Di sana, di atas lahan kosong berukuran sekitar 315 meter persegi berdiri Bank Sampah RW 09. Nasabahnya lumayan banyak. Berdiri empat bulan lalu, kini ada 530 nasabah. Mereka memiliki buku bank dan nomor rekening sebagaimana layaknya bank beneran.
Namun, operasional bank yang juga menyalurkan kredit ini berbeda dengan bank-bank biasa. Para nasabah menabung dengan mengumpulkan sampah plastik, kaleng, kertas, dan kardus. Sampah-sampah itu lalu ditimbang dan dikonversikan dalam rupiah. Uang hasil penjualan sampah itu dimasukkan dalam rekening mereka masing- masing.
Para nasabah boleh setiap saat mengambil uang tabungannya. Mereka juga boleh meminjam uang dari Bank Sampah, lalu membayarnya dengan sampah. Kredit dari bank unik ini sangat tidak memberatkan nasabah. Nasabah boleh mengembalikannya dalam jangka enam bulan tanpa agunan dan tanpa bunga sama sekali.
Jangka waktu cukup lama karena para nasabah perlu waktu untuk mengumpulkan sampah. Jumlah nominal kredit yang boleh diambil nasabah maksimal dua kali dari saldo dalam tabungan nasabah.
Pencetus ide Bank Sampah itu adalah Ketua RW 09 Nanang Suwardi (43). Ketika dia dipilih menjadi ketua RW, persoalan kebersihan adalah persoalan yang paling besar di wilayahnya. Sangat sulit bagi dirinya meminta warga ambil bagian dalam menjaga kebersihan.
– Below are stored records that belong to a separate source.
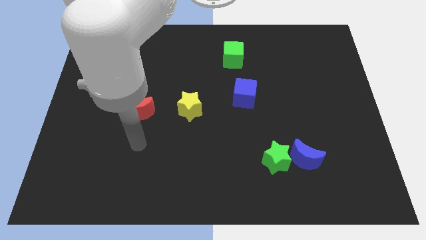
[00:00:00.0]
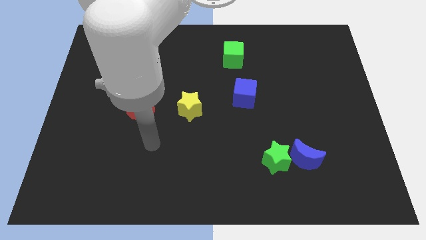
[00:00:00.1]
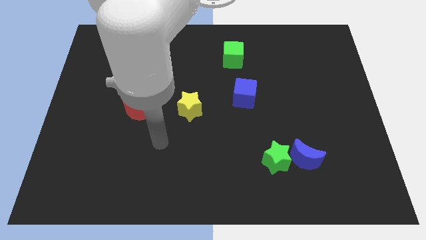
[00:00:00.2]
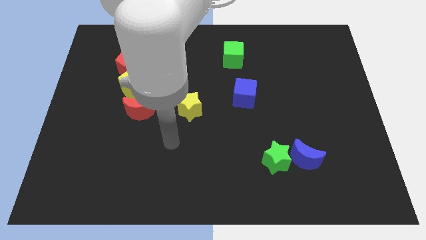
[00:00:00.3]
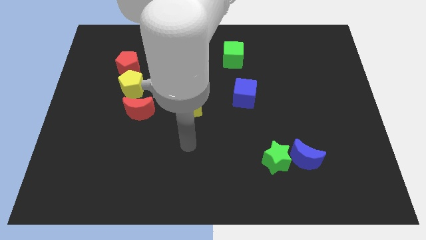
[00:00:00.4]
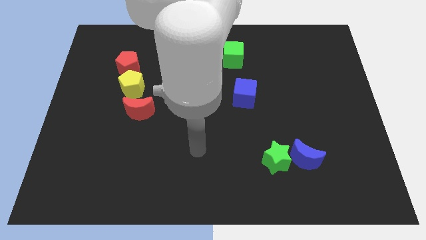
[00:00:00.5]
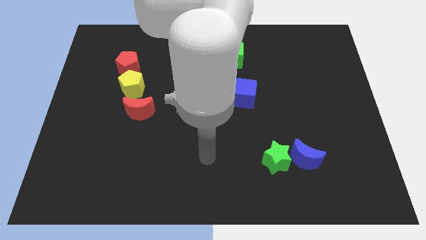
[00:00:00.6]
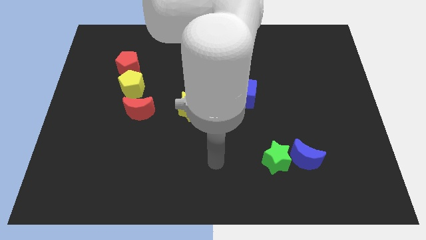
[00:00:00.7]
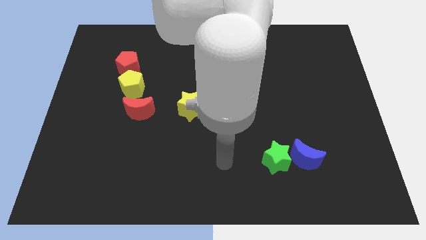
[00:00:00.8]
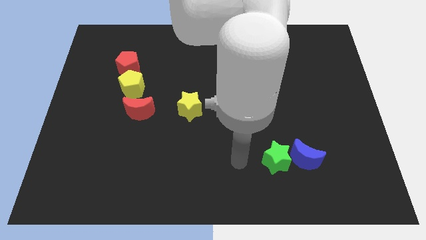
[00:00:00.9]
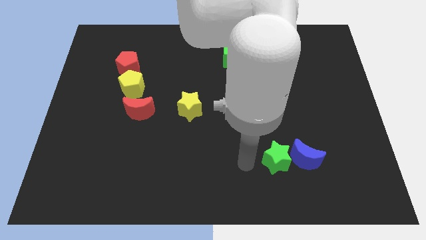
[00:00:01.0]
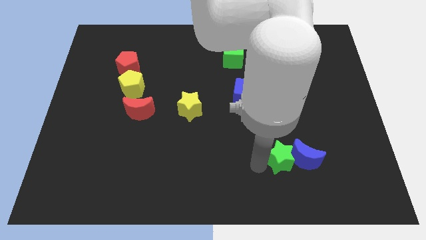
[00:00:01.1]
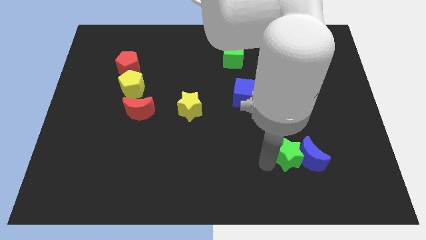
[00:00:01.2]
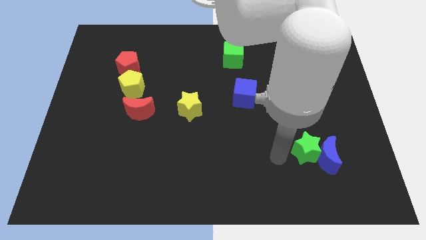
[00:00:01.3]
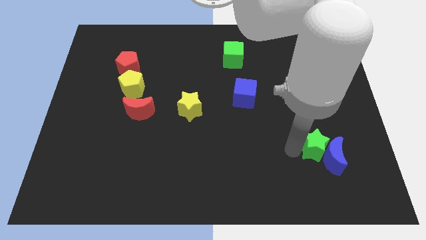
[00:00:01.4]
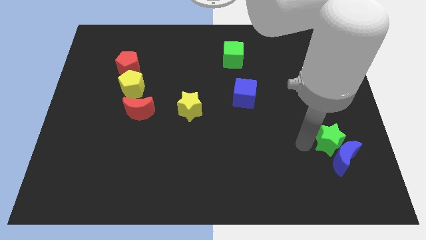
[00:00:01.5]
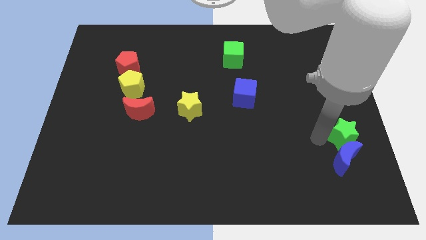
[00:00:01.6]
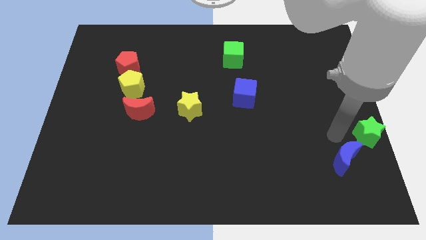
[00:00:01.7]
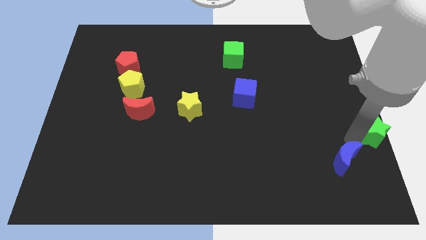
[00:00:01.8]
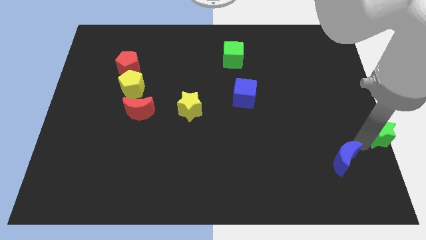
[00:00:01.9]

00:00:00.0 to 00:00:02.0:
move the blue moon away from the green star

Dia berpikir, jika warga diberi manfaat ekonomi, mereka tentu mau memilah-milah sampah sebelum membuangnya.
Kini setelah merasakan manfaat ekonomi itu, warga pun banyak yang tertarik dan menjadi sadar lingkungan. Namun, sejalan dengan hal itu, Bank Sampah pun mulai menemukan beberapa masalah. Hal itu, misalnya, kekurangan modal kerja.
”Sampai sekarang, modal pertama sebesar Rp 3,5 juta yang saya pinjam belum bisa saya kembalikan. Uang di bank ada, tetapi nanti kalau ada nasabah yang mau pinjam, kami tidak punya uang lagi,” katanya.
Nanang mengaku, Bank Sampah itu beberapa kali mendapat kunjungan dari pejabat dan mendapat pujian dari berbagai pihak. ”Akan tetapi, hanya pujian dan kunjungan. Bantuan modal atau alat kerja tidak ada sama sekali,” tuturnya.
Kenyataan ini berbalik 180 derajat dengan ambisi pemerintah setempat yang ingin mendapatkan Piala Adipura.